[Records from a data source]
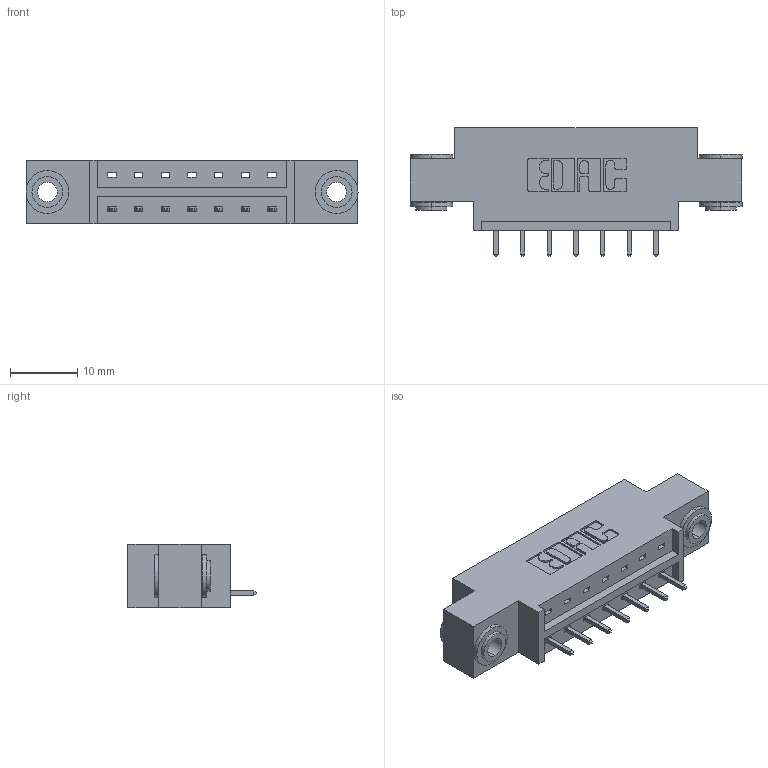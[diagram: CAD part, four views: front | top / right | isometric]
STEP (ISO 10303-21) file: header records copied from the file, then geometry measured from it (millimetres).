
FILE_DESCRIPTION (( 'STEP AP203' ), '1' );
FILE_NAME ('833-007-521-603.STEP', '2020-05-30T14:39:11', ( '' ), ( '' ), 'SwSTEP 2.0', 'SolidWorks 2020', '' );
FILE_SCHEMA (( 'CONFIG_CONTROL_DESIGN' ));
Length unit declared in the file: inch
Products named in the file (4): 833 Part_Offset - .156 Dia - TH; 345-292-001_345-293-121; 833-007-521-603; 345-250-002_345-250-002-102
Assembly tree (10 placements, depth 2):
  833-007-521-603
    833 Part_Offset - .156 Dia - TH
    345-292-001_345-293-121  x7
    345-250-002_345-250-002-102  x2
Bounding box: 49.28 x 19.06 x 9.4 mm (x, y, z)
Volume: 4429.2 mm3; surface area: 4906.2 mm2
Topology: 10 solids, 10 shells, 562 faces, 1631 edges, 1074 vertices
Faces by surface type: plane 378, cylinder 176, cone 8
Entity records: 9606 total; most frequent: CARTESIAN_POINT 1642, ORIENTED_EDGE 1578, DIRECTION 1489, EDGE_CURVE 789, LINE 637, VECTOR 637, VERTEX_POINT 522, AXIS2_PLACEMENT_3D 426

### Activity
Could you set down the data exactly as given, minus its pictures?

### Exercise result
[diagram: CAD part, four views: front | top / right | isometric]
STEP (ISO 10303-21) file: header records copied from the file, then geometry measured from it (millimetres).
FILE_DESCRIPTION (( 'STEP AP203' ), '1' );
FILE_NAME ('833-007-521-603.STEP', '2020-05-30T14:39:11', ( '' ), ( '' ), 'SwSTEP 2.0', 'SolidWorks 2020', '' );
FILE_SCHEMA (( 'CONFIG_CONTROL_DESIGN' ));
Length unit declared in the file: inch
Products named in the file (4): 833 Part_Offset - .156 Dia - TH; 345-292-001_345-293-121; 833-007-521-603; 345-250-002_345-250-002-102
Assembly tree (10 placements, depth 2):
  833-007-521-603
    833 Part_Offset - .156 Dia - TH
    345-292-001_345-293-121  x7
    345-250-002_345-250-002-102  x2
Bounding box: 49.28 x 19.06 x 9.4 mm (x, y, z)
Volume: 4429.2 mm3; surface area: 4906.2 mm2
Topology: 10 solids, 10 shells, 562 faces, 1631 edges, 1074 vertices
Faces by surface type: plane 378, cylinder 176, cone 8
Entity records: 9606 total; most frequent: CARTESIAN_POINT 1642, ORIENTED_EDGE 1578, DIRECTION 1489, EDGE_CURVE 789, LINE 637, VECTOR 637, VERTEX_POINT 522, AXIS2_PLACEMENT_3D 426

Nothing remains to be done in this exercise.